Using Export Executor API
Export a table to a CSV file programmatically:
from exporters import ExportExecutor
from engines import EngineLoader
# Load and connect to engine
engine = EngineLoader.load({'name': 'sqlite', 'config': {'path': 'data.db'}})
engine.connect()
# Create export executor
executor = ExportExecutor(engine)
# Export table
result = executor.export_table(
source_table='orders',
file_path='exports/orders.csv'
)
print(f"Exported {result.rows_exported} rows")
Supported Formats
CSV
Export to CSV format (comma-separated values):
result = executor.export_table(
source_table='orders',
file_path='exports/orders.csv',
format='csv',
config={
'delimiter': ',',
'include_header': True,
'encoding': 'utf-8'
}
)
Configuration Options:
delimiter: Field delimiter (default:',')include_header: Include header row (default:True)encoding: File encoding (default:'utf-8')columns: List of columns to export (default: all columns)
JSON
Export to JSON format:
# Standard JSON (array of objects)
result = executor.export_table(
source_table='orders',
file_path='exports/orders.json',
format='json',
config={
'indent': 2, # Pretty printing
'jsonl': False
}
)
# JSONL format (one object per line)
result = executor.export_table(
source_table='orders',
file_path='exports/orders.jsonl',
format='json',
config={'jsonl': True}
)
Configuration Options:
indent: Indentation level for pretty printing (default:None)jsonl: Use JSONL format (default:False)columns: List of columns to export (default: all columns)encoding: File encoding (default:'utf-8')
Parquet
Export to Parquet format (columnar storage):
result = executor.export_table(
source_table='analytics_data',
file_path='exports/analytics.parquet',
format='parquet',
config={
'compression': 'snappy',
'columns': ['id', 'value', 'timestamp']
}
)
Configuration Options:
compression: Compression codec (default:'snappy')columns: List of columns to export (default: all columns)index: Include index (default:False)

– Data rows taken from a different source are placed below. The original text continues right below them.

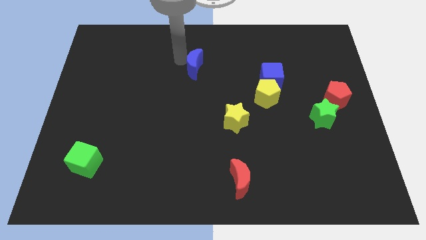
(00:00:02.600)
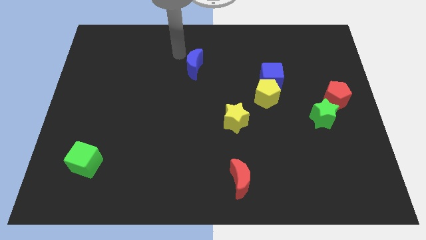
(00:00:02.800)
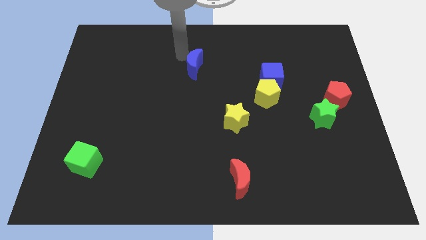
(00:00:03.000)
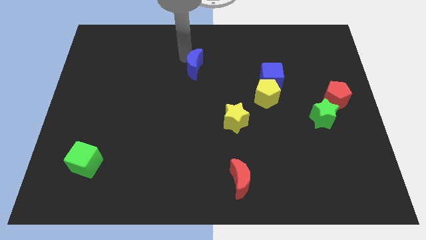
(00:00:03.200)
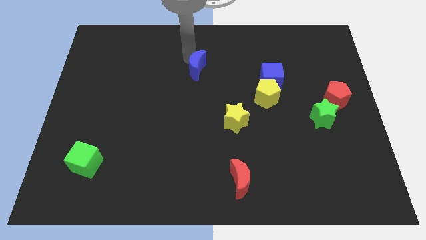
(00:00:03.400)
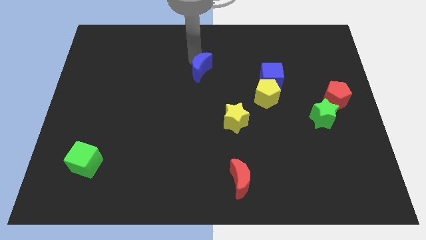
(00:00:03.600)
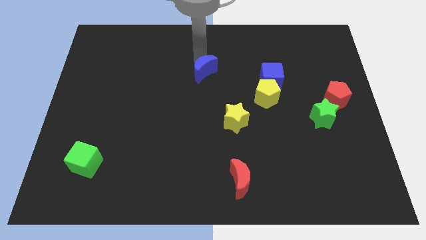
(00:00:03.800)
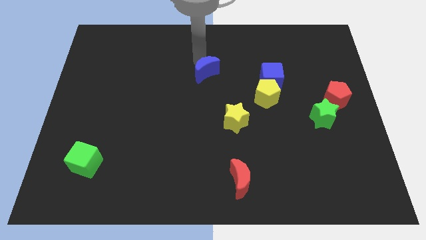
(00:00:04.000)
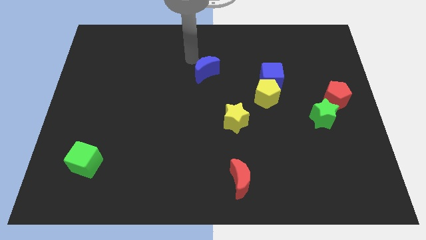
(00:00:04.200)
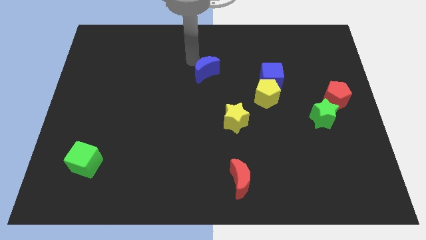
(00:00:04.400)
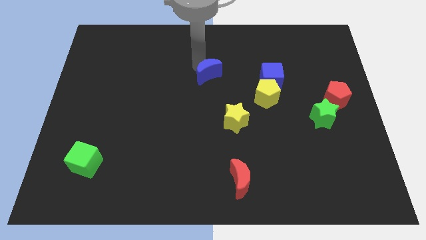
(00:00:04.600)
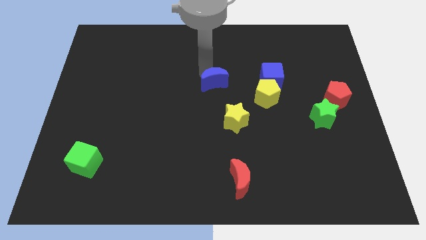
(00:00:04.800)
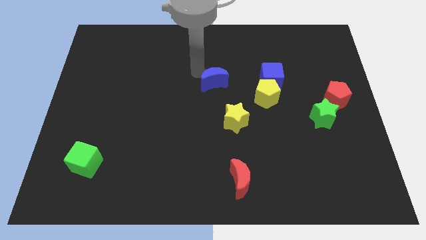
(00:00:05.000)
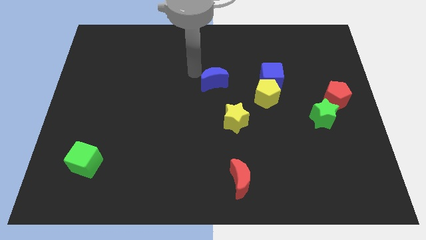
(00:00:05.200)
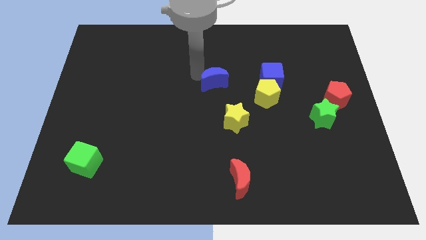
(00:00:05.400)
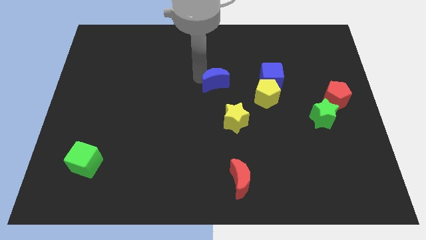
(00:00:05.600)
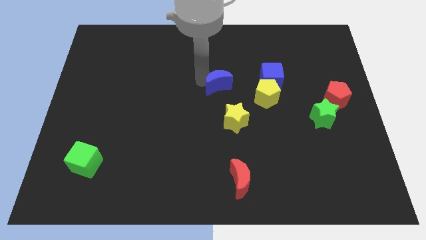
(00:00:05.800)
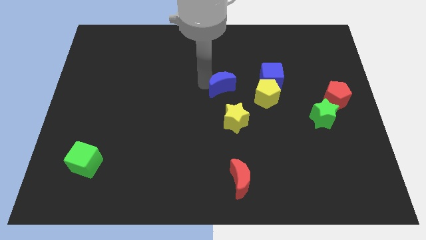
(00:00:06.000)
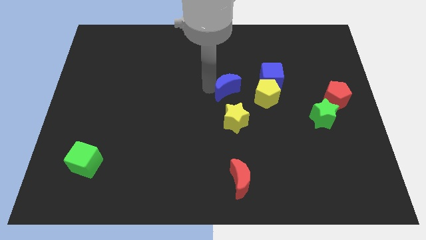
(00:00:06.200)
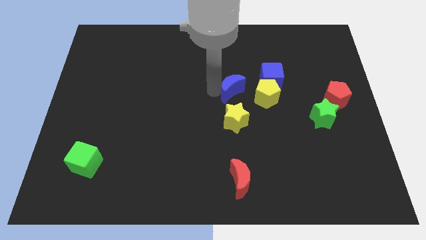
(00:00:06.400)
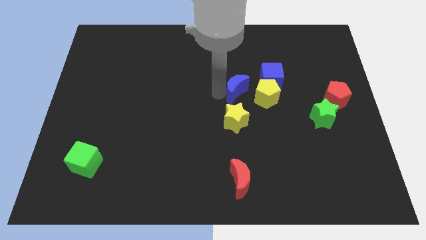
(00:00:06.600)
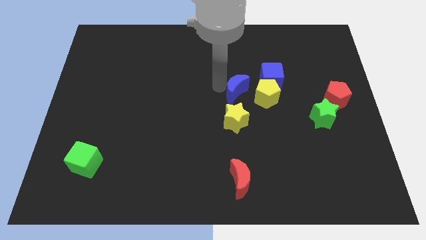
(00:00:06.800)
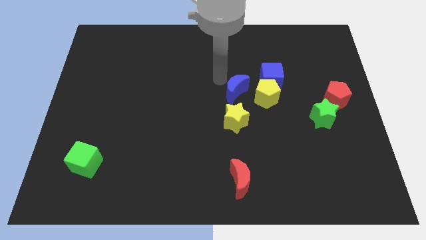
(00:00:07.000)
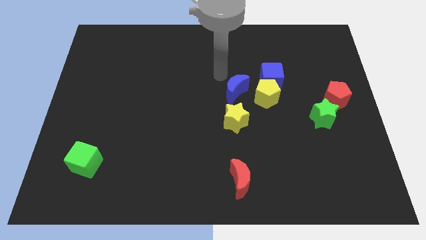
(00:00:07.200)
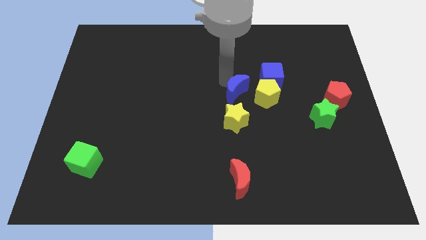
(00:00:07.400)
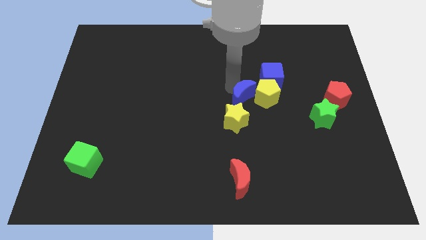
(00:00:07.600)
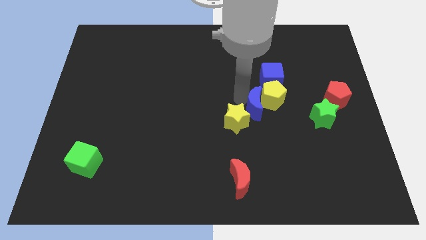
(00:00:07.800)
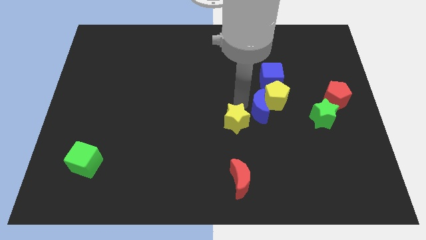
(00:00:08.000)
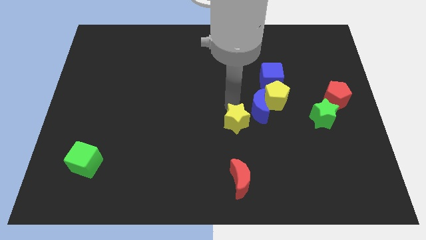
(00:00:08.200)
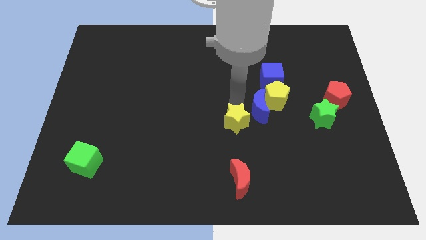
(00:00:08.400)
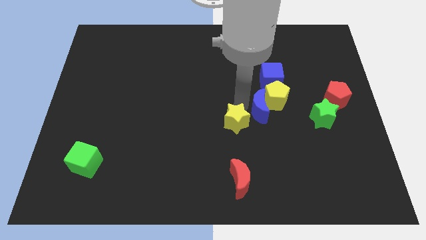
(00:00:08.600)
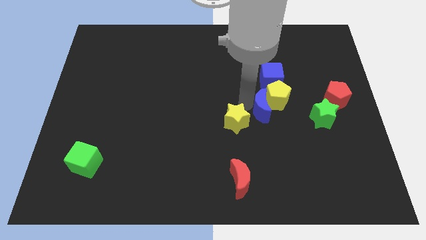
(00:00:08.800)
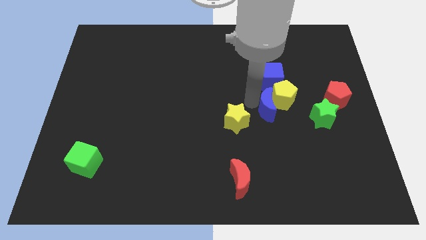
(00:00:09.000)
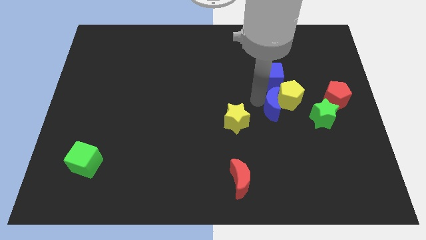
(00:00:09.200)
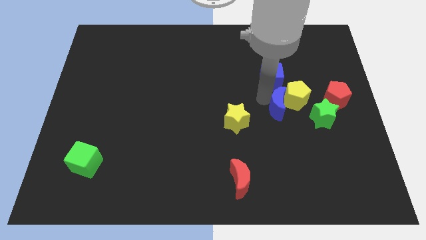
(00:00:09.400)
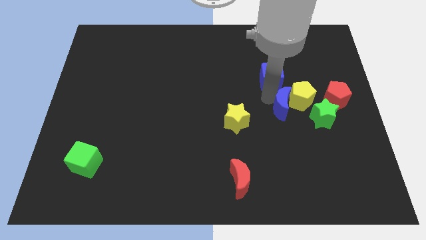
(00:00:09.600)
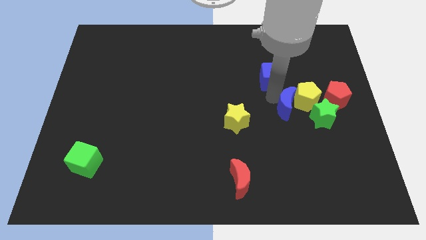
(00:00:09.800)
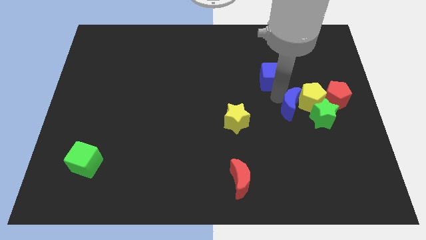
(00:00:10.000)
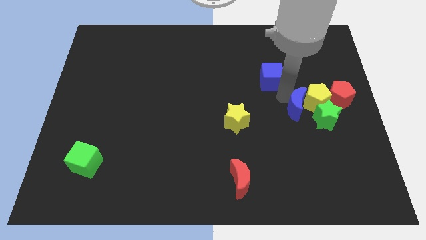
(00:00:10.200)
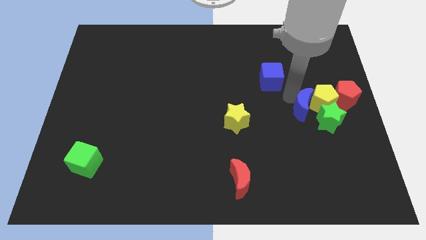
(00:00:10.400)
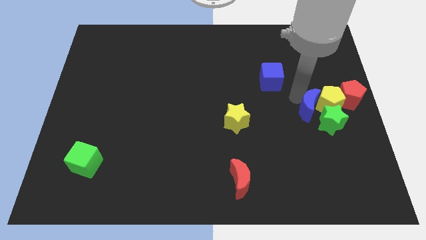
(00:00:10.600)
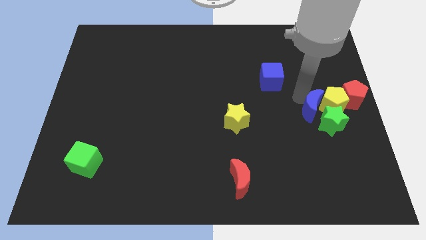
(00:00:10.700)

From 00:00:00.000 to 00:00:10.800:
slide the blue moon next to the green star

Note: Parquet export requires pandas and pyarrow:
pip install pandas pyarrow
Exporting Filtered Data
Use SQL queries to export filtered or transformed data:
# Export recent orders
result = executor.export_table(
source_table='orders',
file_path='exports/recent_orders.csv',
query="SELECT * FROM orders WHERE order_date > '2024-01-01'"
)
# Export aggregated data
result = executor.export_table(
source_table='orders',
file_path='exports/daily_totals.csv',
query="""
SELECT
DATE(order_date) as date,
COUNT(*) as order_count,
SUM(total) as total_revenue
FROM orders
GROUP BY DATE(order_date)
ORDER BY date
"""
)
Exporting Specific Columns
Export only the columns you need:
result = executor.export_table(
source_table='orders',
file_path='exports/orders_summary.csv',
config={
'columns': ['id', 'order_date', 'total', 'status']
}
)
Format Auto-Detection
The export format is automatically detected from the file extension:
# Format detected from extension
executor.export_table('orders', 'exports/orders.csv') # CSV
executor.export_table('orders', 'exports/orders.json') # JSON
executor.export_table('orders', 'exports/orders.parquet') # Parquet
Error Handling
Export operations return results with success status:
result = executor.export_table(
source_table='orders',
file_path='exports/orders.csv'
)
if result.success:
print(f"Successfully exported {result.rows_exported} rows")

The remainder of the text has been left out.